Promesses d'emploi non tenues chez GE : les sous-traitants encore plus inquiets

jeudi 14 juin 2018 à 20:15 Par Nicolas Wilhelm, France Bleu Belfort-Montbéliard

General Electric ne tiendra pas sa promesse de créer mille emplois en France d'ici la fin de l'année. Cette annonce, faite jeudi, ne va pas améliorer le sort des nombreux sous-traitants de GE présents dans le nord Franche-Comté.

Une turbine à vapeur dans les ateliers de GE à Belfort
Une turbine à vapeur dans les ateliers de GE à Belfort © Maxppp - Jean Becker

Belfort, France

La promesse de créer mille emplois en France d'ici la fin de l'année ne sera pas tenue. GE l'a fait savoir au gouvernement ce jeudi en marge de la visite à Paris de son PDG John Flannery. A ce jour, seulement 323 emplois ont été crées. 

Sujet tabou

Les représentants syndicaux et élus locaux ont vivement réagi à cette annonce. Elle ne va pas améliorer non plus la situation des quelque 240 entreprises sous-traitantes de GE du nord Franche-Comté. Certaines participaient ce jeudi à l'Atria de Belfort au "Rendez-vous des acteurs de l'énergie". Les patrons de PME acceptent d'évoquer le sujet mais ne souhaitent pas s'exprimer au micro. Pas question de "se brouiller" avec GE et de perturber les relations commerciales. Ce qui est sûr, c'est que les ventes sont en chute libre. En un an, certains sous traitants ont perdu près de 50% de leur chiffre d'affaires. Un patron confie être passé de cent commandes GE à zéro sur la même période.
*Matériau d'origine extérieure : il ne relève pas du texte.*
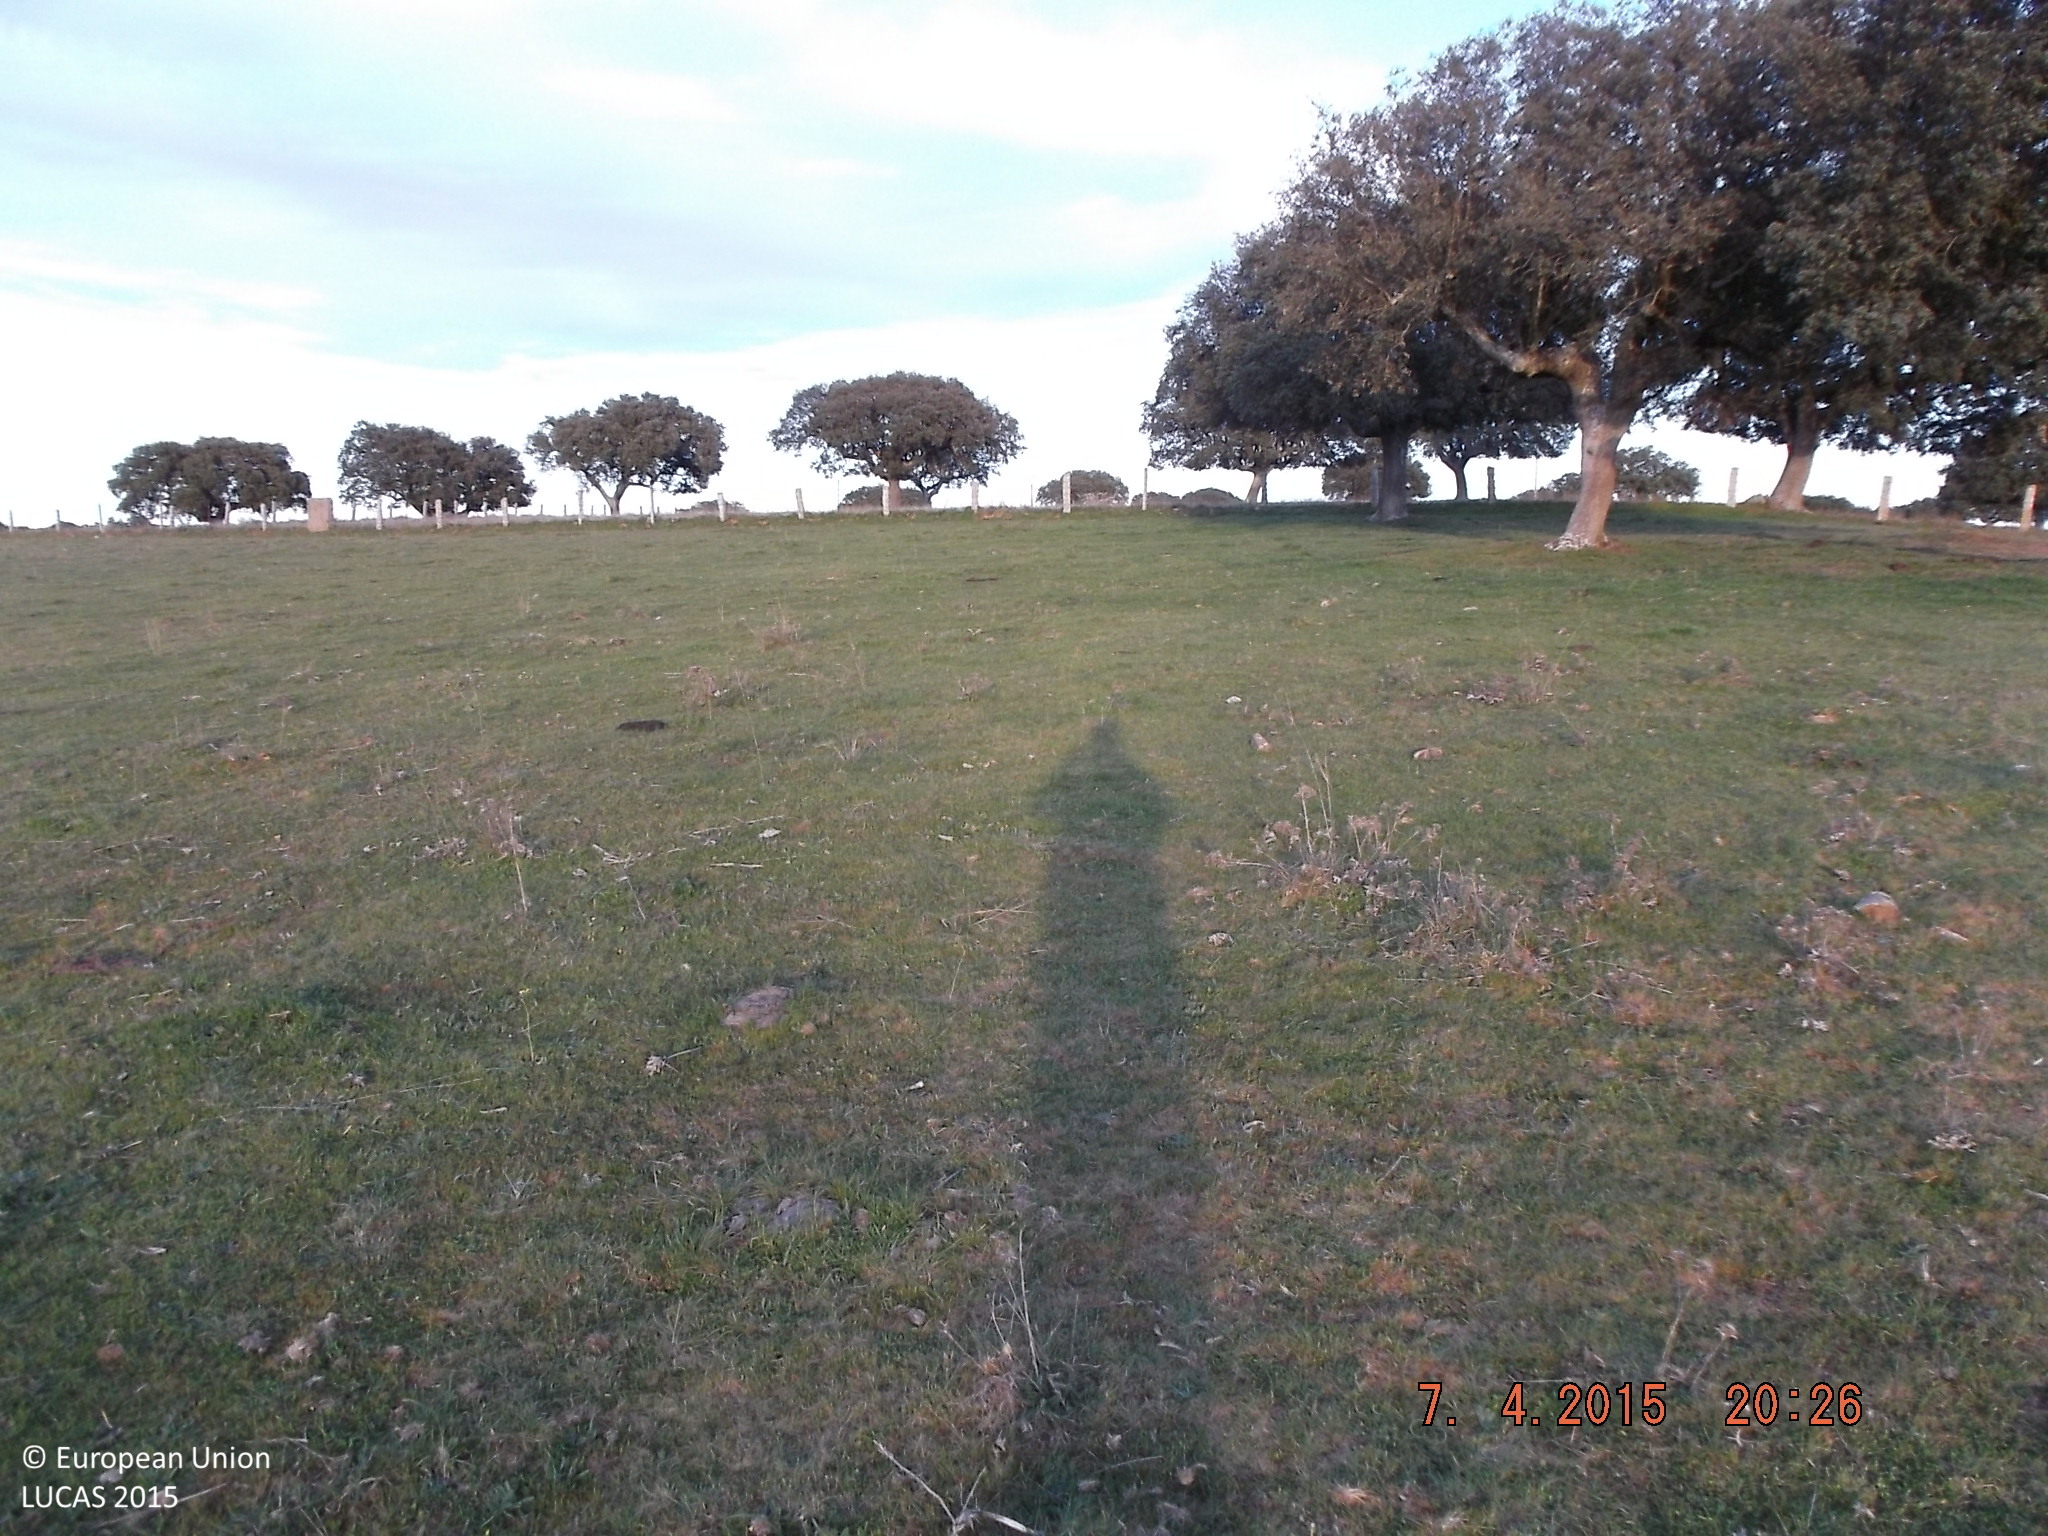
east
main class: Grassland
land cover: Grassland without tree/shrub cover
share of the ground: > 75 %
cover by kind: herbaceous plants 100 %
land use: Agriculture (excluding fallow land and kitchen gardens)
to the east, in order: Grassland without tree/shrub cover; Fences; Tracks; Grassland without tree/shrub cover; Grassland with sparse tree/shrub cover; Grassland without tree/shrub cover; Fences; Grassland without tree/shrub cover; Electric lines; Grassland without tree/shrub cover
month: April
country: ES
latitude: 40.7862
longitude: -5.8752
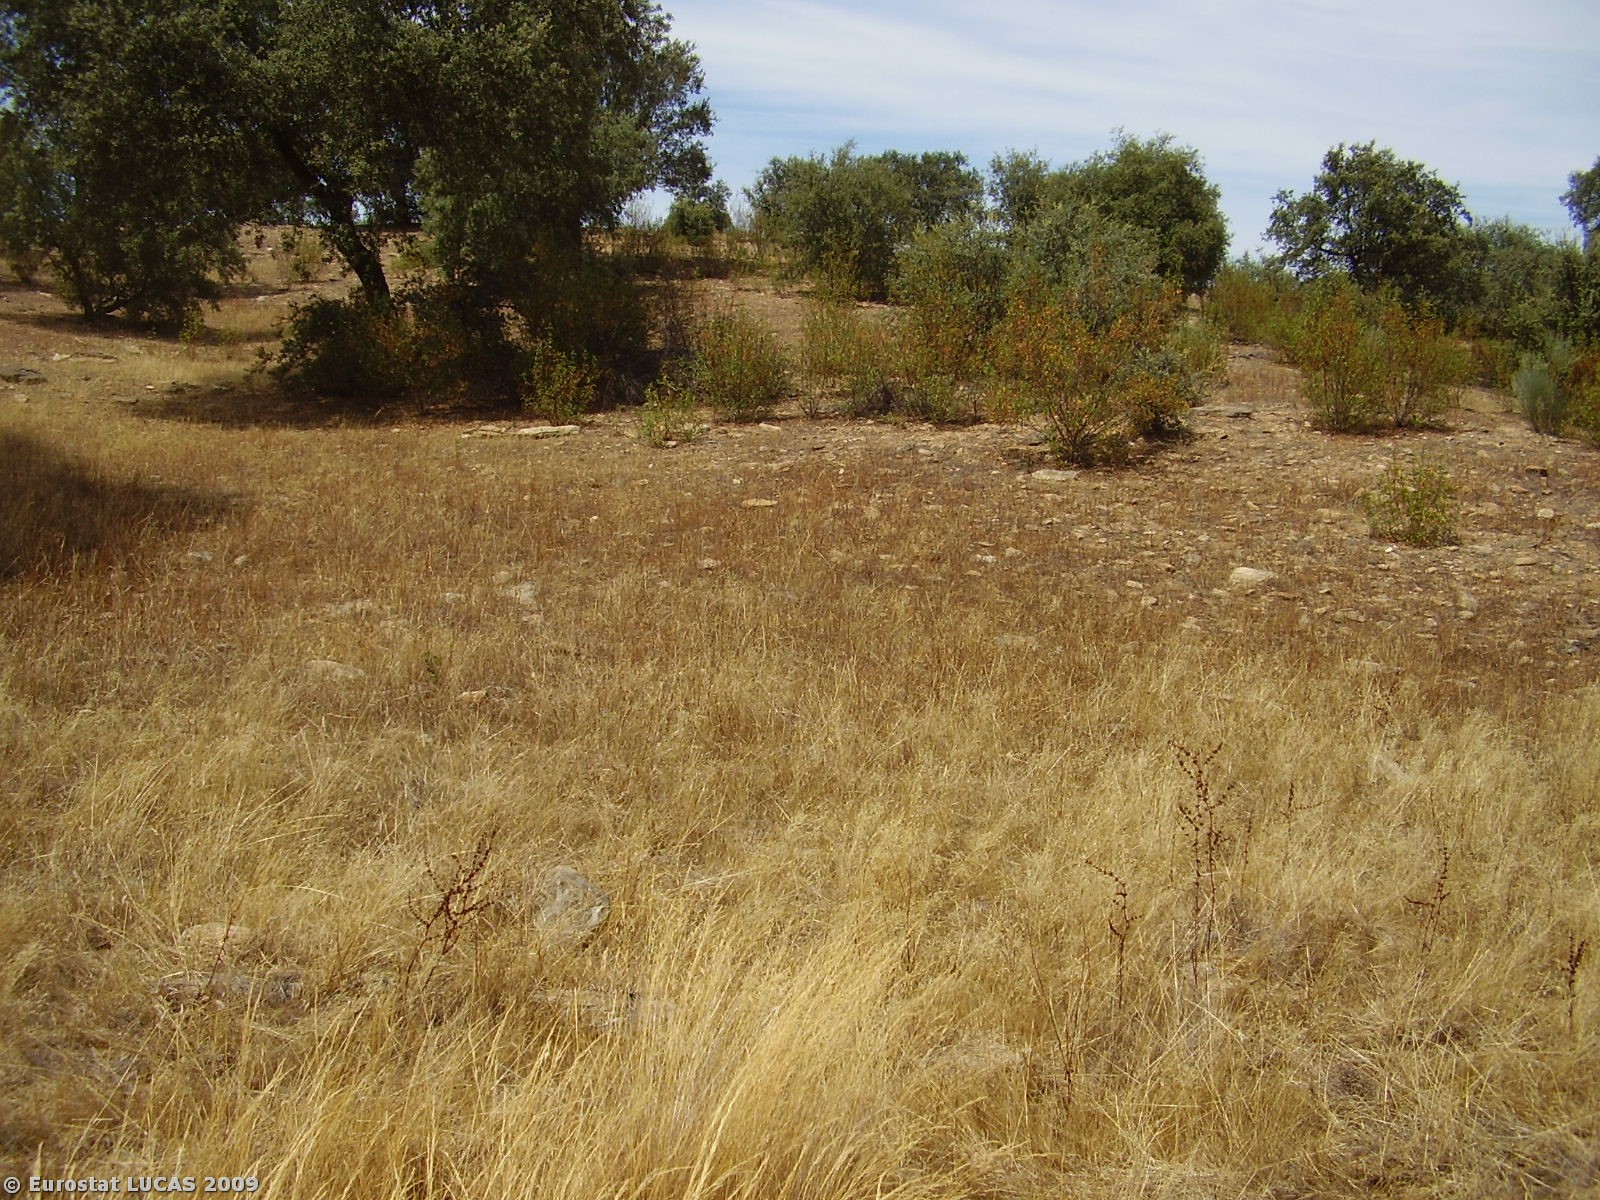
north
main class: Grassland
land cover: Grassland with sparse tree/shrub cover
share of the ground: > 75 %
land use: Forestry
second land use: Agriculture (excluding fallow land and kitchen gardens)
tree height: > 5 m
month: July
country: PT
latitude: 38.5665
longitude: -7.8150
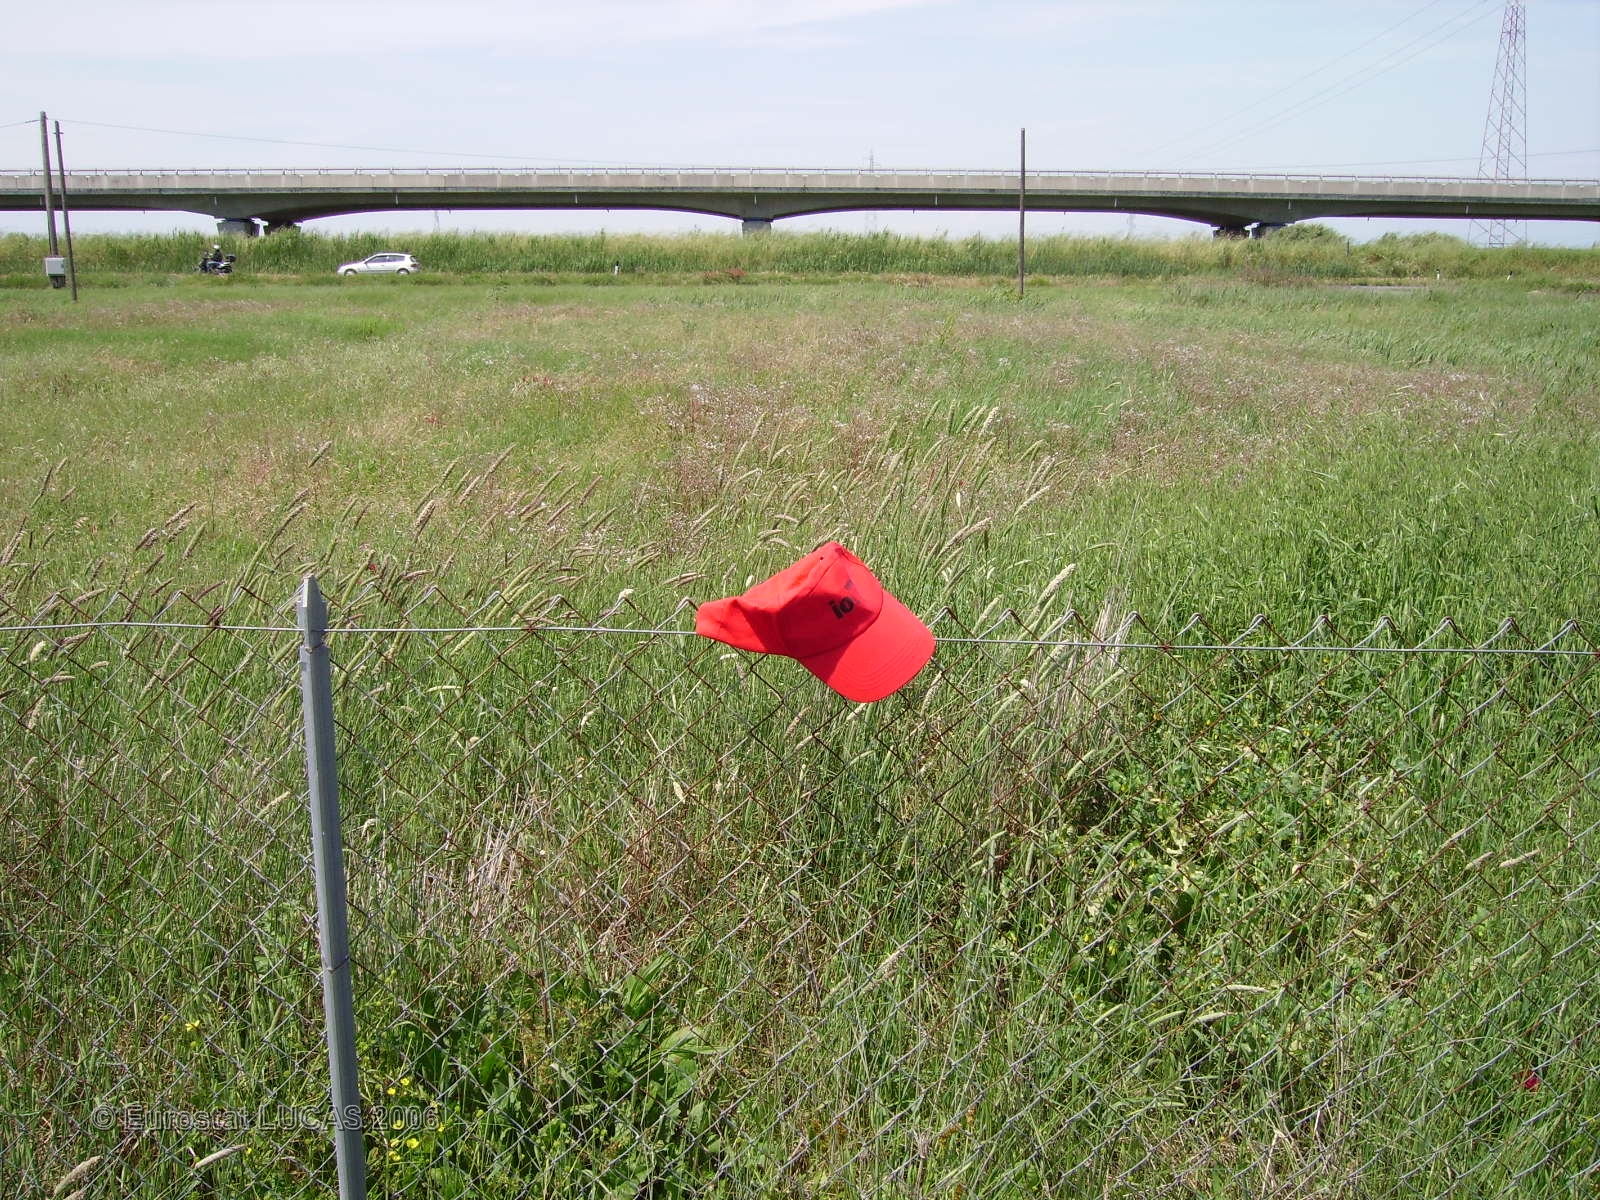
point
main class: Grassland
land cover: Grassland without tree/shrub cover
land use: Agriculture (excluding fallow land and kitchen gardens)
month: May
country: IT
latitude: 43.6101
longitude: 10.3830

Ces entreprises fournissent l'outillage pour la construction des turbines à gaz qui alimentent les centrales de production d'énergie. On en trouve aussi dans les moteurs d'avion.

Des commandes en chute libre

L'explication, c'est que le marché des turbines à gaz s'effondre. Aujourd'hui, on investit davantage dans les énergies renouvelables que dans le thermique. L'éolien, le solaire sont des domaines où GE n'est presque pas présent. A Belfort, le secteur du gaz représente la moitié des effectifs soit près de 2 000 salariés sans compter les centaines d'employés de PME qui en vivent. " Les prévisions sur le marché du gaz sont de plus en plus pessimistes, mois après mois. Il y a un an, la direction de GE tablait sur un marché de 70 gigawatts. Maintenant, les experts parlent d'un marché autour de 35 gigawatts soit un volume d'activité divisé par deux. Il y aura des impacts sur les salariés de GE comme sur le tissu local de Belfort qui travaille pour ce secteur" indique Philippe Petitcollin, délégué CFE-CGC chez GE. Présent ce jeudi à Paris à une réunion du comité groupe France de GE, il avoue ne pas avoir été surpris par l'annonce de GE de ne pas honorer sa promesse de créer mille emplois en France d'ici fin 2018. "On ne peut pas créer d'emploi sans nouvelles activités" a réagi le responsable syndical.

Les limites de la diversification

Pour sortir les sous-traitants de l'ornière, des options se dégagent comme la diversification. La prise de risque fait partie de l'ADN d'un patron, mais les PME n'ont pas forcément les moyens d'investir pour décrocher de nouveaux contrats à l'étranger. Cela prend du temps. Il faut des commerciaux. L'autre option, c'est les aider à passer le cap. " Je pense qu'on peut trouver des aides par le biais de l'Etat. C'est quand même un accord qui avait été passé par GE avec le gouvernement. Je pense à des aides à faire reculer certaines charges mais il faut la complicité de l'Etat qui peut mettre des outils en place. On ne peut pas leur amener du business, ce n'est pas notre rôle. Mais on peut les aider à passer ces étapes pour qu'ils puissent aller chercher du business" explique Alain Seid, président de la Chambre de Commerce et d'Industrie du Territoire de Belfort.  

Sophie Elizéon, préfète du Territoire de Belfort, promet d'accompagner les salariés en cas de transfert de compétence vers d'autres branches comme le nucléaire et localement d'engager GE à le faire.